А любовь это иное, которое к смыслу личности и ее поиску истины может иметь отношение, а может и не иметь. На таком скандальном релятивизме строится сексуальная эмансипация, играющая не последнюю роль в становлении современной личности и мировой культуры. Именно с этого разрушительного релятивизма начались освобождение женщины, сексуальная революция, развитие неполитического либерализма в России и интеграция русского человека в процессы формирования нового культурного многообразия в мире, глобализации. Но лермонтовского модерна оказалось недостаточно, чтобы окончательно расчленить смыслы «любви» и «личности». Лермонтовский Демон наивная душа. Он, полюбив, захотел и к презираемым им людям вернуться, и с презираемым им Богом примириться. Какую задачу хотел он решить, какие новые культурные формы создать? Но потребность в глобализации нарастала, и Россия все более втягивалась в ее процессы. Поэтому задача углубить анализ, чтобы создавать новые культурные формы, оставалась. Надо было довести до конца дело, начатое Лермонтовым, и сказать, что любовь сама по себе не может быть последним основанием. Последним основанием является личность, смысл личности, способность быть личностью, а любовь, наряду с другими смыслами – один из путей формирования личности как основания человеческого. Надо было сорвать маску с любви, претендующей на то, чтобы быть Богом. И надо было сорвать маску с личности, тоже претендующей на то, чтобы быть Богом. И надо было сказать, что они, как путь и цель, один без другого не могут, но для того, чтобы этот синтез состоялся, надо было разделить смыслы «любви» и «личности» друг от друга. Это разделение сделал Пелевин, потому что прошел через лед и пламень постмодернистского опыта, принял постмодернистскую критику оснований, но не абсолютизировал ее, а над нею поднялся.

И, завершая диалог с просвещенным эстетом – моим воображаемым оппонентом, я мог бы теперь сказать ему – пусть Пелевин матершинник и мистификатор, и пусть для него нет ничего святого, но в той части его творчества, которую я проанализировал, разве он не конструктивный писатель? И разве в этой части он не идет по пути русских классиков? Разве не продолжает начатую ими реформу российского сознания?

Сейчас в приличном московском обществе о любви не говорят. Не то чтобы дурной тон. А свидетельство того, что человек не в курсе. Самое большее, о чем говорят, раз уж беседа повернулась в сторону лирики, о природе дара, дарения… французская мода!

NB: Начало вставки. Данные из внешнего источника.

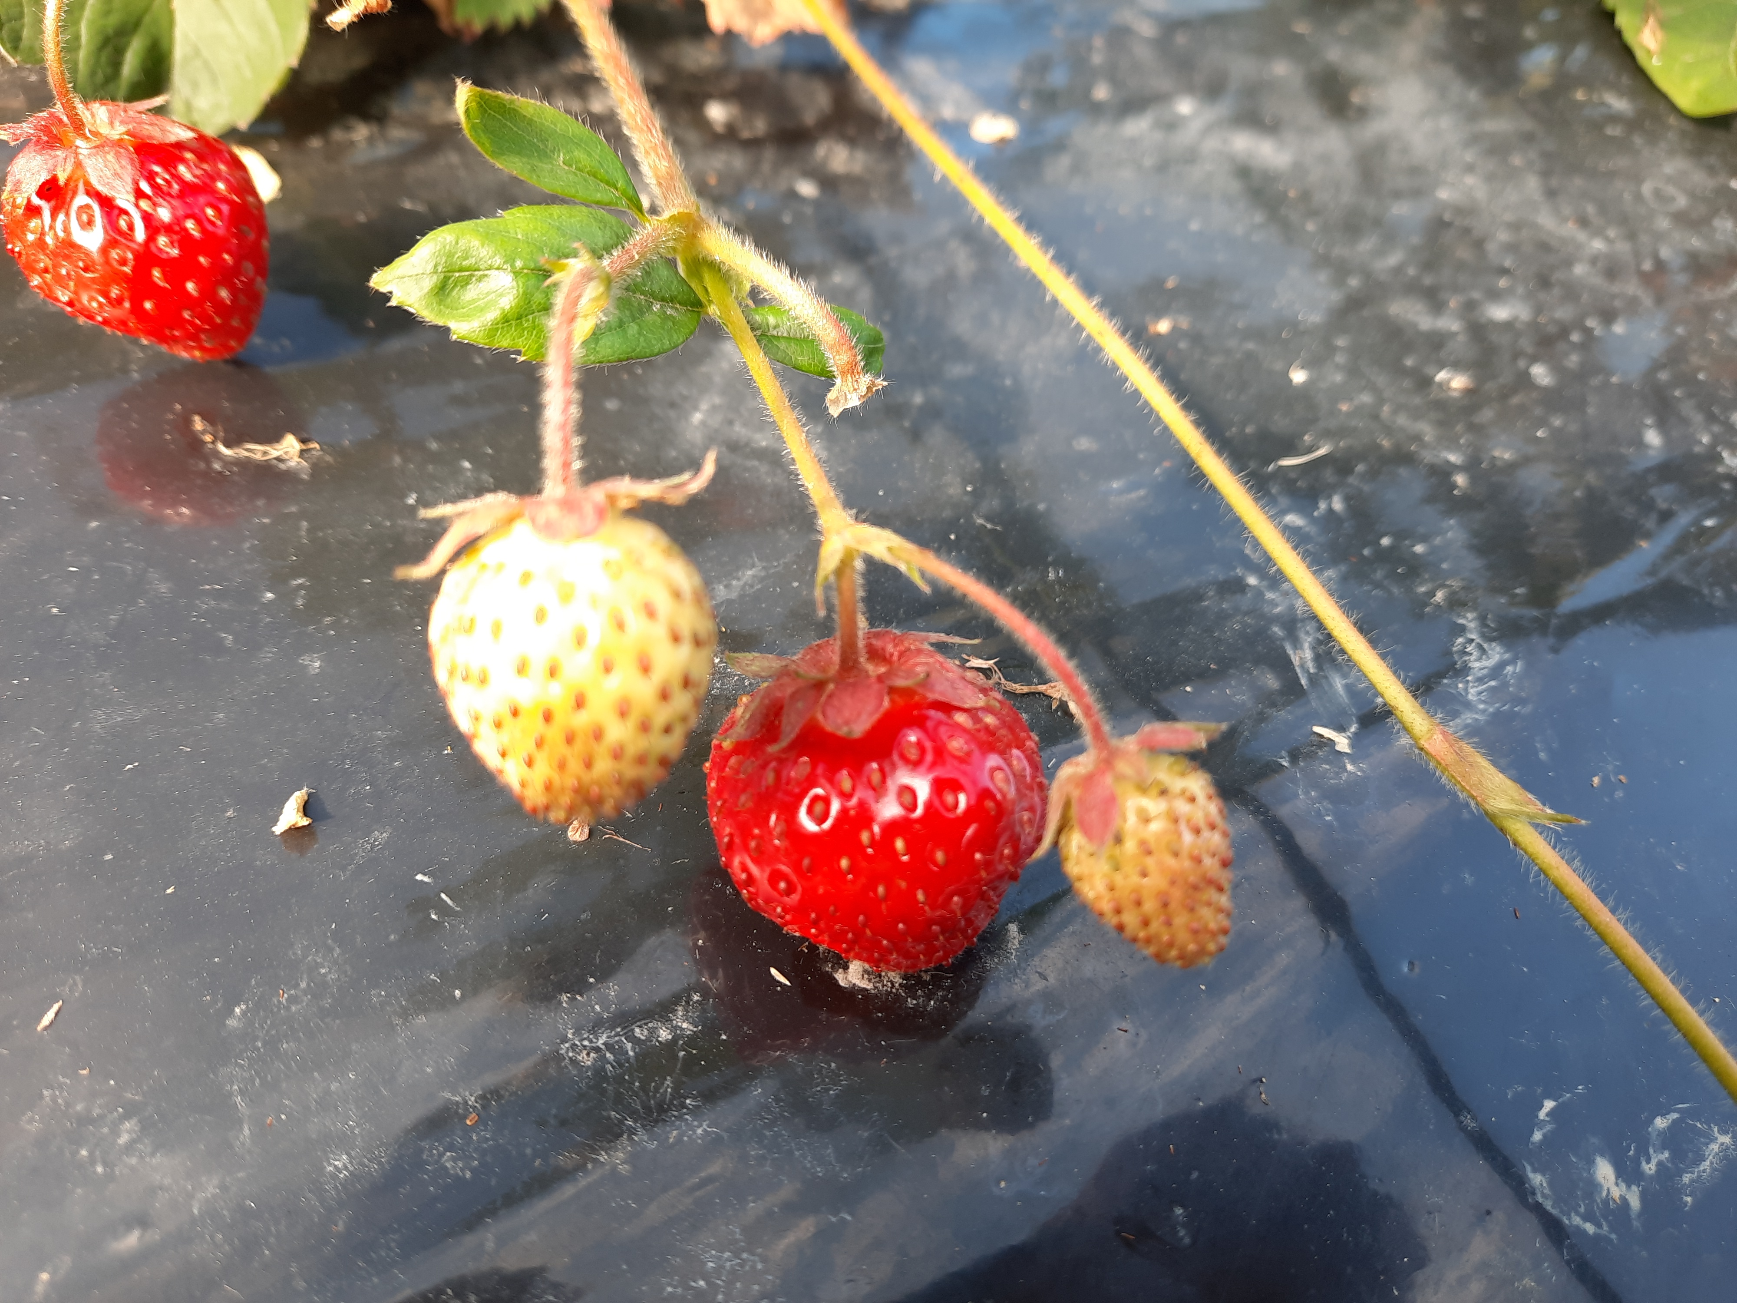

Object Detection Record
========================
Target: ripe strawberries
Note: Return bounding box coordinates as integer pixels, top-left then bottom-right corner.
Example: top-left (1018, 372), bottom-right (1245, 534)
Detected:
top-left (9, 106), bottom-right (288, 365)
top-left (718, 634), bottom-right (1035, 988)
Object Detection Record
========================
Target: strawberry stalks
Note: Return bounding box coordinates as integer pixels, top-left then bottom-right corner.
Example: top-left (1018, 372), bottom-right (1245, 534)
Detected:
top-left (944, 551), bottom-right (1125, 778)
top-left (520, 247), bottom-right (617, 531)
top-left (28, 0), bottom-right (115, 157)
top-left (808, 512), bottom-right (897, 746)
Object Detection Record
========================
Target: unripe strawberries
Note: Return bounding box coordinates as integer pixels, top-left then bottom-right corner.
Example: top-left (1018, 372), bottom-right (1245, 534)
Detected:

Но о природе любви? Вы где находитесь? Кто заговорил? Пелевин? Да. Постмодернист? Он пролагает дорогу… не знаю,.. к чему-то совершенно новому, но вместе с тем, в чем-то существенном сохраняющему пушкинско-лермонтовские очертания, назову это… неоклассикой.
Лермонтов – Булгаков – Пелевин
А теперь, после того, как я что-то существенное, как мне показалось, сказал о конструктивности мысли Пелевина, я должен вернуться к тому, с чего начал – к пелевинскому разрушению и дать ему оценку. Для моего оппонента эти оценки покажутся кощунством, но что делать? – в кощунстве литературная критика до сих пор обвиняет и Фонвизина, и Пушкина, и Лермонтова, и Булгакова.

Пелевин, господа, делает великое дело – обрубает культурные корни. Так радикально этого до него никто не делал.

Читая классиков, я думал – ну, скажите, великие русские писатели, что во всех бедах России виновна культура, которую создал русский народ. Прокричите, пропойте, пропишите, сыграйте на сцене, что русская культура – основной враг динамичного человека, пытающегося адекватно отвечать на вызовы современности. И что надо не просто критиковать русских людей, называя их, к примеру, «мертвыми душами», а, расчленив «мертводушность» на, скажем, соборность народа, порождающую авторитарность, и авторитарность Бога (вождя), порождающую соборность, назвать эти, или другие, основные ценности русской культуры главными врагами развития личности в России. Надо идти к культурным основаниям «мертводушной» культуры и анализировать ее изнутри.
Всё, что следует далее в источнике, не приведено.